Why Is This Rulemaking Needed?

The need for the change to 50 CFR 21.29(k) arose from the desire of the state of Connecticut to institute a falconry program for the benefit of citizens interested in the sport of falconry. Accordingly, the state promulgated regulations that we have concluded meet the Federal requirements protecting migratory birds. The change to 50 CFR 21.29(k) is necessary to allow persons in the state of Connecticut to practice falconry under the regulations the state submitted for approval. Start Printed Page 34696

Background

The Fish and Wildlife Service is the Federal agency with the primary responsibility for managing migratory birds. Our authority is based on the Migratory Bird Treaty Act (MBTA) (16 U.S.C. 703 et. seq.), which implements conventions with Great Britain (for Canada), Mexico, Japan, and the Soviet Union (Russia). Raptors (birds of prey) are afforded Federal protection by the 1972 amendment to the Convention for the Protection of Migratory Birds and Game Animals, February 7, 1936, United States—Mexico, as amended; the Convention between the United States and Japan for the Protection of Migratory Birds in Danger of Extinction and Their Environment, September 19, 1974; and the Convention Between the United States of America and the Union of Soviet Socialist Republics (Russia) Concerning the Conservation of Migratory Birds and Their Environment, November 26, 1976.

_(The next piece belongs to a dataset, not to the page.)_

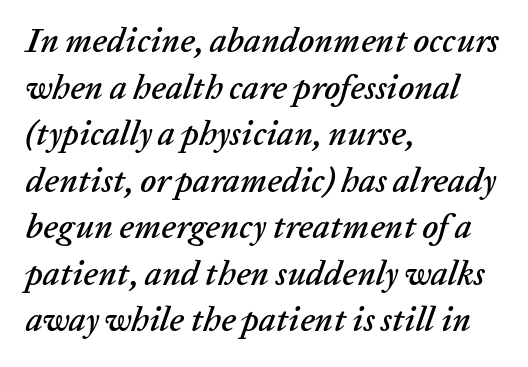
{"italic": "yes", "lean": "right", "slant_degrees": 20, "width": "normal", "stroke_contrast": "low", "x_height": "medium", "monospaced": "no", "underline": "no", "align": "left", "line_spacing": "normal", "line_spacing_ratio": 1.37, "letter_spacing": "normal", "letter_spacing_em": 0.0, "glyph_px": 34}

The taking and possession of raptors for falconry are strictly prohibited except as permitted under regulations implementing the MBTA. Raptors also may be protected by state regulations. Regulations governing the issuance of permits for migratory birds are authorized by the MBTA and subsequent regulations. They are in title 50, Code of Federal Regulations, parts 10, 13, 21, and (for eagle falconry) 22.

Federal falconry standards contained in 50 CFR 21.29(d) through (i) include permit requirements, classes of permits, examination procedures, facilities and equipment standards, raptor marking restrictions, and raptor taking restrictions. Regulations in 50 CFR part 21 also provide for review and approval of state falconry laws by the Fish and Wildlife Service. A list of states whose falconry laws are approved by the Service is found in 50 CFR 21.29(k). The practice of falconry is authorized in those states.

On December 20, 2004, we published a proposed rule in the Federal Register (69 FR 75892) to add the state of Connecticut to the list of states whose falconry laws meet or exceed Federal falconry standards. As provided in 50 CFR 21.29(a) and (c), the Director had reviewed certified copies of the falconry regulations adopted by the state of Connecticut and had determined that they meet or exceed Federal falconry standards. Connecticut regulations also meet or exceed all restrictions or conditions found in 50 CFR 21.29(j), which includes requirements on the number, species, acquisition, and marking of raptors.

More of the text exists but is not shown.